First-class functions

First-class functions was another hurdle to my understanding. With the languages that I had experience with at the time, passing around functions as values seemed foreign. This concept didn’t apply to Java until Guava/Java 8 came out. However, by passing around functions, we found that we could decouple certain actions from each other which resulted in more decomposed and focused code. The result was easily testable and more reusable code.

Another tool

It’s common to hear opponents say, “Functional programming is unreadable” or “Functional programming is confusing”. These statements are signs of unfamiliarity. Likewise, when one lacks knowledge in home repair, many things can seem magical, unattainable or unknowable. But, by acquiring the appropriate knowledge, new home repair skills can become second nature to the point where life would seem incomplete without them.

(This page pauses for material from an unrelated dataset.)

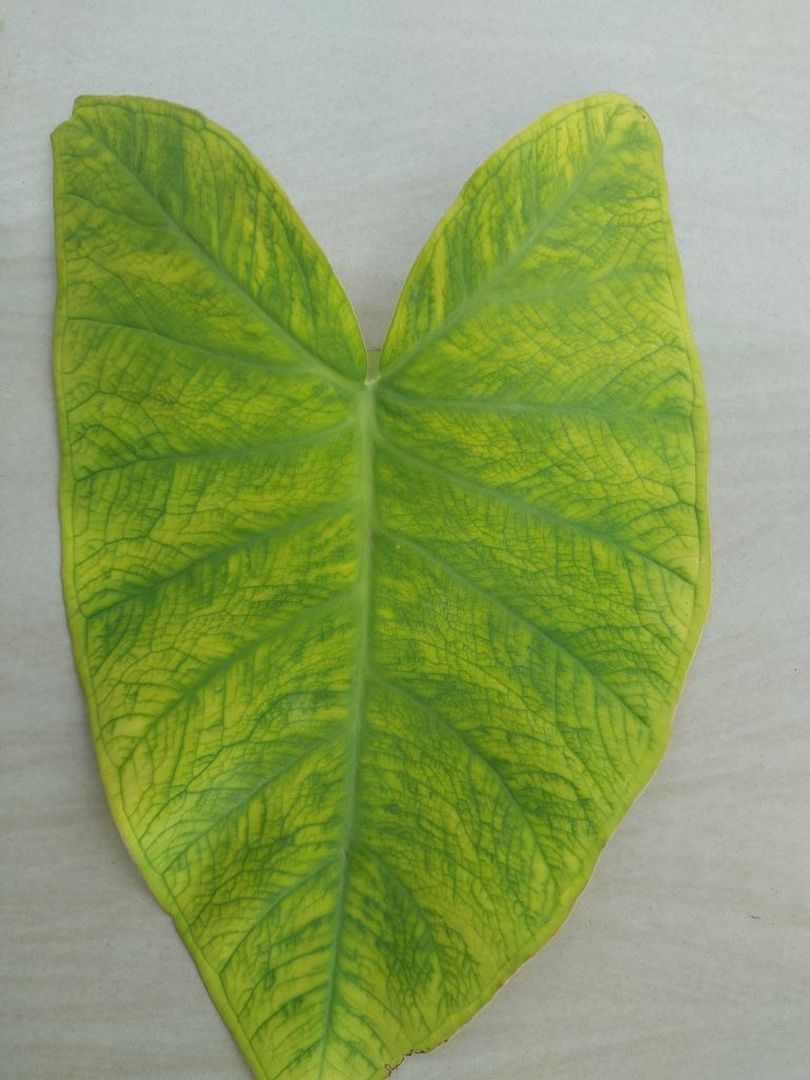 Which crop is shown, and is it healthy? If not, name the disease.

taro, mosaic

The gentle introduction to using immutable data structures and first-class functions has brought me many benefits on a day-to-day basis. Over the past few years, Intelliware has been investing in functional programming. We recently completed study groups on Scala and F# , and are using functional libraries, such as ReactiveX, daily.

The JavaScript world has gone wholesale into functional programming, so it’s not surprising that having a little functional programming background is helpful. It’s another tool in the toolbox. When you’re in the business of problem-solving, it’s great to have the flexibility that knowledge brings to do our jobs.